Data records:
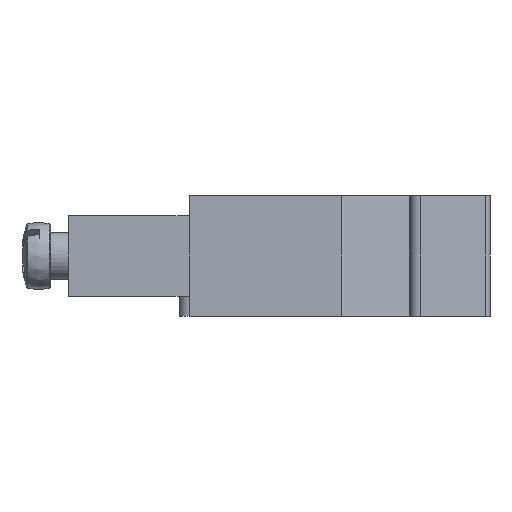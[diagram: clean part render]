
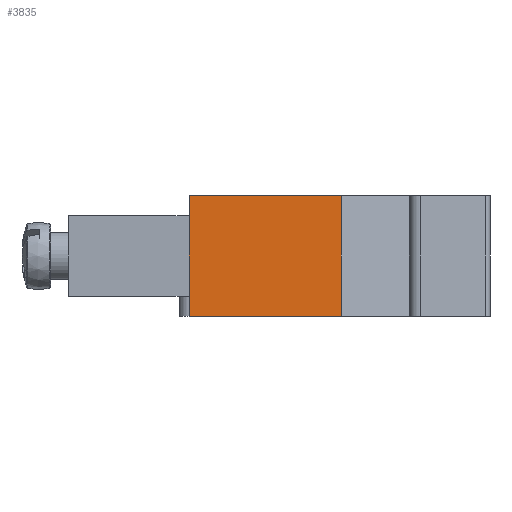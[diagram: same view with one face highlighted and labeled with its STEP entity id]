
A CAD part, left-side view. The second image highlights one B-rep face of the part: STEP entity #3835.
In plain terms, the highlighted face is planar.
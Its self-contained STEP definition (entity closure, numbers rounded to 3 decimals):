
#203=LINE('',#6880,#395);
#275=LINE('',#7103,#467);
#297=LINE('',#7153,#489);
#298=LINE('',#7155,#490);
#299=LINE('',#7156,#491);
#395=VECTOR('',#4992,15.149);
#467=VECTOR('',#5194,15.149);
#489=VECTOR('',#5244,12.);
#490=VECTOR('',#5245,10.);
#491=VECTOR('',#5246,2.);
#568=PLANE('',#4255);
#1227=FACE_OUTER_BOUND('',#1630,.T.);
#1630=EDGE_LOOP('',(#3226,#3227,#3228,#3229,#3230));
#1946=VERTEX_POINT('',#6877);
#1947=VERTEX_POINT('',#6879);
#2009=VERTEX_POINT('',#7053);
#2033=VERTEX_POINT('',#7101);
#2048=VERTEX_POINT('',#7154);
#2325=EDGE_CURVE('',#1947,#1946,#203,.T.);
#2435=EDGE_CURVE('',#2033,#2009,#275,.T.);
#2463=EDGE_CURVE('',#2033,#1947,#297,.T.);
#2464=EDGE_CURVE('',#1946,#2048,#298,.T.);
#2465=EDGE_CURVE('',#2048,#2009,#299,.T.);
#3226=ORIENTED_EDGE('',*,*,#2463,.T.);
#3227=ORIENTED_EDGE('',*,*,#2325,.T.);
#3228=ORIENTED_EDGE('',*,*,#2464,.T.);
#3229=ORIENTED_EDGE('',*,*,#2465,.T.);
#3230=ORIENTED_EDGE('',*,*,#2435,.F.);
#3835=ADVANCED_FACE('',(#1227),#568,.T.);
#4255=AXIS2_PLACEMENT_3D('',#7152,#5242,#5243);
#4992=DIRECTION('',(0.,1.,0.));
#5194=DIRECTION('',(0.,1.,0.));
#5242=DIRECTION('center_axis',(1.,0.,0.));
#5243=DIRECTION('ref_axis',(0.,1.,0.));
#5244=DIRECTION('',(0.,0.,-1.));
#5245=DIRECTION('',(0.,0.,1.));
#5246=DIRECTION('',(0.,0.,1.));
#6877=CARTESIAN_POINT('',(44.,0.,-12.));
#6879=CARTESIAN_POINT('',(44.,-15.149,-12.));
#6880=CARTESIAN_POINT('',(44.,0.,-12.));
#7053=CARTESIAN_POINT('',(44.,0.,0.));
#7101=CARTESIAN_POINT('',(44.,-15.149,0.));
#7103=CARTESIAN_POINT('',(44.,-22.964,0.));
#7152=CARTESIAN_POINT('Origin',(44.,0.,-12.));
#7153=CARTESIAN_POINT('',(44.,-15.149,-12.));
#7154=CARTESIAN_POINT('',(44.,0.,-2.));
#7155=CARTESIAN_POINT('',(44.,0.,-12.));
#7156=CARTESIAN_POINT('',(44.,0.,-12.));

# About this task:
Return each entry exactly as it stands above, apart from any images.

# Result of the task:
[diagram: clean part render]
[diagram: same view with one face highlighted and labeled with its STEP entity id]
A CAD part, left-side view. The second image highlights one B-rep face of the part: STEP entity #3835.
In plain terms, the highlighted face is planar.
Its self-contained STEP definition (entity closure, numbers rounded to 3 decimals):
#203=LINE('',#6880,#395);
#275=LINE('',#7103,#467);
#297=LINE('',#7153,#489);
#298=LINE('',#7155,#490);
#299=LINE('',#7156,#491);
#395=VECTOR('',#4992,15.149);
#467=VECTOR('',#5194,15.149);
#489=VECTOR('',#5244,12.);
#490=VECTOR('',#5245,10.);
#491=VECTOR('',#5246,2.);
#568=PLANE('',#4255);
#1227=FACE_OUTER_BOUND('',#1630,.T.);
#1630=EDGE_LOOP('',(#3226,#3227,#3228,#3229,#3230));
#1946=VERTEX_POINT('',#6877);
#1947=VERTEX_POINT('',#6879);
#2009=VERTEX_POINT('',#7053);
#2033=VERTEX_POINT('',#7101);
#2048=VERTEX_POINT('',#7154);
#2325=EDGE_CURVE('',#1947,#1946,#203,.T.);
#2435=EDGE_CURVE('',#2033,#2009,#275,.T.);
#2463=EDGE_CURVE('',#2033,#1947,#297,.T.);
#2464=EDGE_CURVE('',#1946,#2048,#298,.T.);
#2465=EDGE_CURVE('',#2048,#2009,#299,.T.);
#3226=ORIENTED_EDGE('',*,*,#2463,.T.);
#3227=ORIENTED_EDGE('',*,*,#2325,.T.);
#3228=ORIENTED_EDGE('',*,*,#2464,.T.);
#3229=ORIENTED_EDGE('',*,*,#2465,.T.);
#3230=ORIENTED_EDGE('',*,*,#2435,.F.);
#3835=ADVANCED_FACE('',(#1227),#568,.T.);
#4255=AXIS2_PLACEMENT_3D('',#7152,#5242,#5243);
#4992=DIRECTION('',(0.,1.,0.));
#5194=DIRECTION('',(0.,1.,0.));
#5242=DIRECTION('center_axis',(1.,0.,0.));
#5243=DIRECTION('ref_axis',(0.,1.,0.));
#5244=DIRECTION('',(0.,0.,-1.));
#5245=DIRECTION('',(0.,0.,1.));
#5246=DIRECTION('',(0.,0.,1.));
#6877=CARTESIAN_POINT('',(44.,0.,-12.));
#6879=CARTESIAN_POINT('',(44.,-15.149,-12.));
#6880=CARTESIAN_POINT('',(44.,0.,-12.));
#7053=CARTESIAN_POINT('',(44.,0.,0.));
#7101=CARTESIAN_POINT('',(44.,-15.149,0.));
#7103=CARTESIAN_POINT('',(44.,-22.964,0.));
#7152=CARTESIAN_POINT('Origin',(44.,0.,-12.));
#7153=CARTESIAN_POINT('',(44.,-15.149,-12.));
#7154=CARTESIAN_POINT('',(44.,0.,-2.));
#7155=CARTESIAN_POINT('',(44.,0.,-12.));
#7156=CARTESIAN_POINT('',(44.,0.,-12.));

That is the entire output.